Saturday, August 8, 2020

Life By Wandering Around


Sleep E Corner

The title of this blog, "Life By Wandering Around," could just as easily be "Life By Wondering Around in my Brain."  I have been enjoying life both ways for the last few weeks. I worried for a couple of weeks wondering why I couldn't sit down and write when indeed I could sit down outside and drift away in the heat of the summer with a breeze in the trees and the buzzing of locust, beetles, and bugs. Sitting down inside at my computer in my newly painted room, no.

In this photograph of our shading corner I can see two major problems. The first being the swing. Jack and I may very well wear this swing out before the summer is over. In Oklahoma we have experienced an unusually comfortable breezing summer (except for the week of July 19-23 when it was a humid human scorcher.) On the days when I have not played golf I have found comfort in or own backyard.

In that swing I traveled back into the time of Jesus, through the words of Sue Monk Kidd. Oh, such an insight to the neglect and foul treatment of women. My stomach nearly turned over a few times when I compared their lives to my own experiences. What If I could not work?

What if I could not support myself or my children? And then of course, the television made sure I saw the results of my what if's in the present day. No, I rarely watch the news these days, reading is so much better and I can react based on my thought, based on my previous experiences, my point of view. Back to the book that my mind just wondered away from--I recommend it because it does ask you to think. Could Jesus have had a wife? 


Now the outside recliner, the Sleep E Chair, has gifted my mind with other types of wanderings. Sleep being the greatest gift, of course. Listening to the buzzes this morning from the fluorescent green June Beetle, and Cicada's I wonder in my mind back to the summer Monday's we spent at Roaring River in Missouri. Dad was not a camper, but we did leave early on Monday's, his one day off from the golf course, and would drive to a lake or watering hole somewhere.  My sister and I played all day long on the rocks and in the cold water. Dad and Mom sat fishing and sometimes played with us in the water splashing and laughing like children themselves. Always overhead was the noise of the insects, the screeching of birds of prey high in the sky, or the squeal of my sister's voice when I splashed her.  Funny how sounds and noises take us back to our childhood memories. 

There are so many ways to wander through this world. From the comforts of a recliner chair by the fireplace this winter or from a rocking chair outside. Before Covid 19 struck our world this year like a laser light, I decided to read novels that were translations. The University of Oklahoma host the International Literature Award called the Neustadt Prize, one year for adult literature, and the next year for children's/young adult. I became enthralled with the stories these authors have shared when I have taken the opportunity to attend their programs, so this year I decided to explore a new world of reading. https://www.neustadtprize.org/ 

Now a map on the wall of our hall shows the places I have visited this year through translated books and situations that I cannot imagine.

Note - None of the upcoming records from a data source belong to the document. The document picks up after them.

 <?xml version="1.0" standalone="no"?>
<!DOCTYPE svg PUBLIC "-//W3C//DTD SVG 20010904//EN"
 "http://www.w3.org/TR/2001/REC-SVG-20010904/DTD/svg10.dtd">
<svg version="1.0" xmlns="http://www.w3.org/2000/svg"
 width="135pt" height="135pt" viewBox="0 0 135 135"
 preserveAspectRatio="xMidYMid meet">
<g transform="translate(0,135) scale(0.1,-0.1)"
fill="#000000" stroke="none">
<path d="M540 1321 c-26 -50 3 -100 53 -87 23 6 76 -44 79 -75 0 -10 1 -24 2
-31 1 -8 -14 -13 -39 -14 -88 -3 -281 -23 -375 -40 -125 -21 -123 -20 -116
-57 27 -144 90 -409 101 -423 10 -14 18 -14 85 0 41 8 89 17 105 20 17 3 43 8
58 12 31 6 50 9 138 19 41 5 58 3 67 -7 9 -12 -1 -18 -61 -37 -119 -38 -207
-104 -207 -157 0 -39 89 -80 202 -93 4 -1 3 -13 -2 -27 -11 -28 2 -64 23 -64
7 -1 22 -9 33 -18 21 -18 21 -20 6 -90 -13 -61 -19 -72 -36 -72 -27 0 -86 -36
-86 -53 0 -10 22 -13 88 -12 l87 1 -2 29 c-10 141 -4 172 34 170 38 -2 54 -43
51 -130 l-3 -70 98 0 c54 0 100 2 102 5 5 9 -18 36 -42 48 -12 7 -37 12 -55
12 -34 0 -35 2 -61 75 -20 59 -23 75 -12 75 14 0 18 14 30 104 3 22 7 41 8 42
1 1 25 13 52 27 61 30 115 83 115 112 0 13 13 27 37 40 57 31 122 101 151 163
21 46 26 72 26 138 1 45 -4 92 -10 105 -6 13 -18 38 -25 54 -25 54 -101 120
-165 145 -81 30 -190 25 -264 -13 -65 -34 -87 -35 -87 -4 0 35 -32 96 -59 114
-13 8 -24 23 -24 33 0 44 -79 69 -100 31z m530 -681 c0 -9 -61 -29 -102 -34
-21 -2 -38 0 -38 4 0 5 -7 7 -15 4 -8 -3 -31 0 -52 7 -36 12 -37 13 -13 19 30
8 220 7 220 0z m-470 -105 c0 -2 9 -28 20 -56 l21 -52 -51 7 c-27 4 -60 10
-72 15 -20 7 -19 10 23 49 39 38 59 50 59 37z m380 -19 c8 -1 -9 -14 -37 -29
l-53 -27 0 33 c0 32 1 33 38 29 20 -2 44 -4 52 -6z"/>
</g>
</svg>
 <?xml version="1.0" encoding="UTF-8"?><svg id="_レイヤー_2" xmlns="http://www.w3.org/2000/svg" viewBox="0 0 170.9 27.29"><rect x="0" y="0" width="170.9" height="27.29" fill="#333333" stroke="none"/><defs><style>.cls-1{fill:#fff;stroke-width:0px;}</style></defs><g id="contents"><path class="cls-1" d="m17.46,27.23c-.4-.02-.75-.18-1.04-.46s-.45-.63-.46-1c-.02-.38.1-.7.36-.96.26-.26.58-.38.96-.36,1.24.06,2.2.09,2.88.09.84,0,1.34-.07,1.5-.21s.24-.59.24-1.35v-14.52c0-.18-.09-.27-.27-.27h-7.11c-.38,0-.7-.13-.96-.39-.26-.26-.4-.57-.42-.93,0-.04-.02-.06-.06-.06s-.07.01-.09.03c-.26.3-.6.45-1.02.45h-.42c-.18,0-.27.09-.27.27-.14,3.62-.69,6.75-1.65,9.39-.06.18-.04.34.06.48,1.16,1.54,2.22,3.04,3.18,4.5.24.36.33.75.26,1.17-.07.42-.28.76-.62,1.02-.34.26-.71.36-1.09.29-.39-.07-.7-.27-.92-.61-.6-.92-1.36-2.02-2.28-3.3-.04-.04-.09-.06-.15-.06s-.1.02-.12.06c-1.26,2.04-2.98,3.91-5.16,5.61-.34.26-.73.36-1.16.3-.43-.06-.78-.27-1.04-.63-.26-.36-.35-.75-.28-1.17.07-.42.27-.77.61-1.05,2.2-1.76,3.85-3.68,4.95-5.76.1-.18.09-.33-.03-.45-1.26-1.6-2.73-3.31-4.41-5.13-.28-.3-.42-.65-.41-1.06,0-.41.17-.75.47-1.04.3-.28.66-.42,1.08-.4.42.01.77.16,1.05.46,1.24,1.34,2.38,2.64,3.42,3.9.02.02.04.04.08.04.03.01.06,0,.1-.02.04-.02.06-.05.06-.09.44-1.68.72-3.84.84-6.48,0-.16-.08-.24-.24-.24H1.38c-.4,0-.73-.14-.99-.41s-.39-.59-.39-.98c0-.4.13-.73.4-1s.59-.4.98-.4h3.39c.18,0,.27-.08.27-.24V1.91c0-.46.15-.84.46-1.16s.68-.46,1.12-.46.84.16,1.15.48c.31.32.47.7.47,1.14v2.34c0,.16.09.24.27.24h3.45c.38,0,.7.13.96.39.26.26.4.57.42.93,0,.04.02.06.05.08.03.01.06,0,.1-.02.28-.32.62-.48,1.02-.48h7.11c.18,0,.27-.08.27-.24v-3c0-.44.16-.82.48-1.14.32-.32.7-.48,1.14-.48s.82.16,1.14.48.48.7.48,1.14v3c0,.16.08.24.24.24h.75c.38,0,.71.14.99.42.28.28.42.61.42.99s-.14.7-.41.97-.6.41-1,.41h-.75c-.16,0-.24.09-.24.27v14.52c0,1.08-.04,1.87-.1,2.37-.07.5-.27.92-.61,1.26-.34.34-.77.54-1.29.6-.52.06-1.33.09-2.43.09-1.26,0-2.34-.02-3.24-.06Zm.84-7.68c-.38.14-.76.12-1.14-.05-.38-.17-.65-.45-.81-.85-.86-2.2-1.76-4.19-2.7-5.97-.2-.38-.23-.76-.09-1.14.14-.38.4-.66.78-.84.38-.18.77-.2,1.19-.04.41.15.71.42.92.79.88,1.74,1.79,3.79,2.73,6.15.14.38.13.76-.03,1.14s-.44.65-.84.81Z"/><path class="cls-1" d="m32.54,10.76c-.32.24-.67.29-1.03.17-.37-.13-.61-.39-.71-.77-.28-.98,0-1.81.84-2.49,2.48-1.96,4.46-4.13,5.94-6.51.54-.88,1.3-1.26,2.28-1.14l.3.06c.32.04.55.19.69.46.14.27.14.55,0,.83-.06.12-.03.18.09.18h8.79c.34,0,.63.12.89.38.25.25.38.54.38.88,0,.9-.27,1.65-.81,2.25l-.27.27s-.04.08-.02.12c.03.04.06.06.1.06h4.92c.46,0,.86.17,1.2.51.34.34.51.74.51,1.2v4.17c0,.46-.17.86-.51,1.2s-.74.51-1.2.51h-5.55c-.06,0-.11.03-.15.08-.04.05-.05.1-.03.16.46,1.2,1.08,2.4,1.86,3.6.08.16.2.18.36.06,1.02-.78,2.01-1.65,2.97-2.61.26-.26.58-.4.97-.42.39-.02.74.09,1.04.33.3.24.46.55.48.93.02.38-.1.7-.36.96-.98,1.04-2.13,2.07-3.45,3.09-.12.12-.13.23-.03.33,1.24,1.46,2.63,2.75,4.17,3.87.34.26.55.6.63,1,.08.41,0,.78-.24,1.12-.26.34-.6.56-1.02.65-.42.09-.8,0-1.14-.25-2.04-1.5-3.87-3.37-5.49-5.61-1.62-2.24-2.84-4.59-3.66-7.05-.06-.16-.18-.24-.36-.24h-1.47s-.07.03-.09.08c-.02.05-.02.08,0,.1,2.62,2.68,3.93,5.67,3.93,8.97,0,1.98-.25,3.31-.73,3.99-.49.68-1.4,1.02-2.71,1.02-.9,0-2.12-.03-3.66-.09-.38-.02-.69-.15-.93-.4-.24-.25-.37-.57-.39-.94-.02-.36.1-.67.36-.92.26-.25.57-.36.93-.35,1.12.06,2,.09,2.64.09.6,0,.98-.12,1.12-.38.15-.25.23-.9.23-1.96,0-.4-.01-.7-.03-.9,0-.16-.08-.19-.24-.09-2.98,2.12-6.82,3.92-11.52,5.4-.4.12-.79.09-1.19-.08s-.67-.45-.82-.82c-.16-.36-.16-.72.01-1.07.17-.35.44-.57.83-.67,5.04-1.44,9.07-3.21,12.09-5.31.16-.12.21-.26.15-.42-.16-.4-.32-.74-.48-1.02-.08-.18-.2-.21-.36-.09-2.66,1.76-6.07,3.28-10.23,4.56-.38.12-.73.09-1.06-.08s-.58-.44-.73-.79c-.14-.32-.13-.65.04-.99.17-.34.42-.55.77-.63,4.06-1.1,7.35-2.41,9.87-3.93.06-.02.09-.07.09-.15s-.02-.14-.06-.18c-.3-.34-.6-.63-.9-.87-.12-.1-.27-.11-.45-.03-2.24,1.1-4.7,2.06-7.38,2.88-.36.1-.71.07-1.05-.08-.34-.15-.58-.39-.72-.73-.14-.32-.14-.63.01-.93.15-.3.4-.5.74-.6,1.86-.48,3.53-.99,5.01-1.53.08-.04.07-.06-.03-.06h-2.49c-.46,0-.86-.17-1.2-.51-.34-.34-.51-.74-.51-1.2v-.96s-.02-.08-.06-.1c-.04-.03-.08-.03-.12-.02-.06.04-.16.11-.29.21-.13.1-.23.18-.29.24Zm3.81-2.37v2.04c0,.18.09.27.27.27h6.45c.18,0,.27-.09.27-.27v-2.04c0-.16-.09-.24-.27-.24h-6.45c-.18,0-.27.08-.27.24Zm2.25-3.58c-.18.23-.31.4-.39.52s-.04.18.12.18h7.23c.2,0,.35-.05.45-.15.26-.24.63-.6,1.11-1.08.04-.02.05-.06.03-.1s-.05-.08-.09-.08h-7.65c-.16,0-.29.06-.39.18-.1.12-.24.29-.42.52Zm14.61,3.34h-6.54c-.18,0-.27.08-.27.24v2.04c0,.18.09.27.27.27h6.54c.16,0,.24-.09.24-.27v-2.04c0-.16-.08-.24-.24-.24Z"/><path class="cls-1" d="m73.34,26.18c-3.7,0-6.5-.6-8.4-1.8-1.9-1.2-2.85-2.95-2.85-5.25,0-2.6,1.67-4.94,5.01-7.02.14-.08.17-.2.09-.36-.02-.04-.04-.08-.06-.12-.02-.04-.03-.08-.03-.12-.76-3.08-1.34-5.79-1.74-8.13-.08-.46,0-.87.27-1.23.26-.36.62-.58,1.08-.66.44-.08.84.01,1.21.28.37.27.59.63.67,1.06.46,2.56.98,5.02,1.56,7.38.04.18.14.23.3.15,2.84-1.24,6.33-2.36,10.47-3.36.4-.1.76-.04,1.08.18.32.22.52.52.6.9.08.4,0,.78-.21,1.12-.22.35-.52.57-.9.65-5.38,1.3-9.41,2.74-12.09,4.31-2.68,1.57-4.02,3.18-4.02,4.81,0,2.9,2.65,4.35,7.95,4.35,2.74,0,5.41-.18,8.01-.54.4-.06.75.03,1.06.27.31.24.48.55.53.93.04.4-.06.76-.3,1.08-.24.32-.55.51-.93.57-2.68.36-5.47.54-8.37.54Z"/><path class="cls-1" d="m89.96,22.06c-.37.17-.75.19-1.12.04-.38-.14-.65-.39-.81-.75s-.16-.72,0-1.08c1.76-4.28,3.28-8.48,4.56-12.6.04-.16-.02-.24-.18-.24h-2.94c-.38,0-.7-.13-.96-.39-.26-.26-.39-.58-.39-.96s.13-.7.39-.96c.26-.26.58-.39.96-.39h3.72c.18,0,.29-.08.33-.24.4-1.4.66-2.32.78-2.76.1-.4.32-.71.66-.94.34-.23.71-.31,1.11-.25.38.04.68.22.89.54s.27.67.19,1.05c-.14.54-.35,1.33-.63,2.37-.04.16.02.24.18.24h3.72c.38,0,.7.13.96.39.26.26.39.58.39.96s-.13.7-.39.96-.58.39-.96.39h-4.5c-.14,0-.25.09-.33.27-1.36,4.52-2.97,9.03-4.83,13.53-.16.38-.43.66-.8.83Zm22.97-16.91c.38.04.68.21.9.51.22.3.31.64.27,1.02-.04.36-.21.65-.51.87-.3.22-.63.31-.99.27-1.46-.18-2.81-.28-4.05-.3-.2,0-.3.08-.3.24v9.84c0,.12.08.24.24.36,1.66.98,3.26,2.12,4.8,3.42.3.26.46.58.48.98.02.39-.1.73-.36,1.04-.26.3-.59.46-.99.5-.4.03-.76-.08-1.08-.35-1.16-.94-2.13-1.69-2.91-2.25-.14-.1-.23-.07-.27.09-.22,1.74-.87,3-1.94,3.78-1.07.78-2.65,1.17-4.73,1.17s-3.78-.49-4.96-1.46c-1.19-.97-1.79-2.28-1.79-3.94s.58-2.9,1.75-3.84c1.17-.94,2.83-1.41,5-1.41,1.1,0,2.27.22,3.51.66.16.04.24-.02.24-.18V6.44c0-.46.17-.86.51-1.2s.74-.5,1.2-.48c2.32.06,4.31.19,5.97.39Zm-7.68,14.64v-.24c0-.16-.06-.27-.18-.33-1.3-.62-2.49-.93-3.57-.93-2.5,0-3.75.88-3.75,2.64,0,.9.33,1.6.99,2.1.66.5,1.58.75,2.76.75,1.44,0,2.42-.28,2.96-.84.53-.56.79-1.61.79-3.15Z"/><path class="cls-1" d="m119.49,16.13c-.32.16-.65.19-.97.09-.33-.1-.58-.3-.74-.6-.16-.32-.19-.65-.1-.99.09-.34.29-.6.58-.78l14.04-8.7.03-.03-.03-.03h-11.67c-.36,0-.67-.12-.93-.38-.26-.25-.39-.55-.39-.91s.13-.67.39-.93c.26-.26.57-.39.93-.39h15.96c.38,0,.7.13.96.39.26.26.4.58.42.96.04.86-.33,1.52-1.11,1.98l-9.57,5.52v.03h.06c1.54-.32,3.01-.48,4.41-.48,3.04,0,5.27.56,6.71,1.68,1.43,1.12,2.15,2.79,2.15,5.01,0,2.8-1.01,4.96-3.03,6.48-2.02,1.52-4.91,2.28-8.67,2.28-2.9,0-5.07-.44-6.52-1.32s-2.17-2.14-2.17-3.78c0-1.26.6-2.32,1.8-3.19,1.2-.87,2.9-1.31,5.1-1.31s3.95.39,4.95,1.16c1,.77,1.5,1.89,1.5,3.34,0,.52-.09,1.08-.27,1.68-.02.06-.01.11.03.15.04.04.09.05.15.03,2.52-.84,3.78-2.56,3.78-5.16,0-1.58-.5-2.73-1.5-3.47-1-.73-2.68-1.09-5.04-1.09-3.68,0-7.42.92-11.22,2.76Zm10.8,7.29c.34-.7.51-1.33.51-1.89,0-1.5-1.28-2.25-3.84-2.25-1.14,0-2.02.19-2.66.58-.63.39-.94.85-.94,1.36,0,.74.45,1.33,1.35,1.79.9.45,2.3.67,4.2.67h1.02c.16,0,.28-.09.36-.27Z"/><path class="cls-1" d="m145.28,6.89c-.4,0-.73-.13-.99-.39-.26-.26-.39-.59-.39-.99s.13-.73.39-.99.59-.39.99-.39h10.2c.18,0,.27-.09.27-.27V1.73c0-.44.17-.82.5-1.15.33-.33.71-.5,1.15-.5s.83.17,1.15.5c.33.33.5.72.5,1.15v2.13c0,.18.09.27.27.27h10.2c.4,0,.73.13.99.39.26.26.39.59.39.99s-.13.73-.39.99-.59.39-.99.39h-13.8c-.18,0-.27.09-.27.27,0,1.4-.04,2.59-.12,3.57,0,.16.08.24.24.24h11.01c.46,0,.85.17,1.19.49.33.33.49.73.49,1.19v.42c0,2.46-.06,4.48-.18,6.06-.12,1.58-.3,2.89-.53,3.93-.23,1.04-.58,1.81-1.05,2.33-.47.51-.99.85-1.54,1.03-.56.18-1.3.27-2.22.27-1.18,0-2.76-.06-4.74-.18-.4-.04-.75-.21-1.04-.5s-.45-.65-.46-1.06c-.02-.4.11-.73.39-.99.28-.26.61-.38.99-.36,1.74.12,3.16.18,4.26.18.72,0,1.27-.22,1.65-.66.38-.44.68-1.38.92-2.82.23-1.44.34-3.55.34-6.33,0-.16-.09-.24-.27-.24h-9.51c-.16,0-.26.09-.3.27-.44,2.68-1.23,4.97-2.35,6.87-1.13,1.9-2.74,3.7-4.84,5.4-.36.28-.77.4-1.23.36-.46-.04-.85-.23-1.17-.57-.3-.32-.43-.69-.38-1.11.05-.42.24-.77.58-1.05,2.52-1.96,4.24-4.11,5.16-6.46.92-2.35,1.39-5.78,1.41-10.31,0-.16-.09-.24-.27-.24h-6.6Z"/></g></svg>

For instance, Poland on the Czech border after WWII in the book Drive Your Plow Over the Bones of the Dead; Chili through the words and eyes of Isabelle Allende in the book The Long Petal to the Sea.  I've also explored Cuba before the time of Castro (Enchanted Air), and The Ghetto of Frankfurt, Germany when The First Mrs. Rothschild tells her husband's story of developing a worldwide banking system in the 1790's. 

Our backyard is alluring in more ways than shading spots. I love color and it matters not the pattern. It does help to be 'Oklahoma Proven' if the flower plans to live through the summers and the baby rabbits who eat their favorite greens no matter what the grower intended. Yes, I spend many hours wandering through the hardy flower gardens we grow, picking flowers, pulling weeds, and decluttering my mind.

Anything Grows Garden

In reflection it may be 'in the time of Covid' and like the dynamic novel Love In the Time of Cholera by Gabriel Garcia Marquez, that in the end we come to learn and better understand ourselves and our relationships.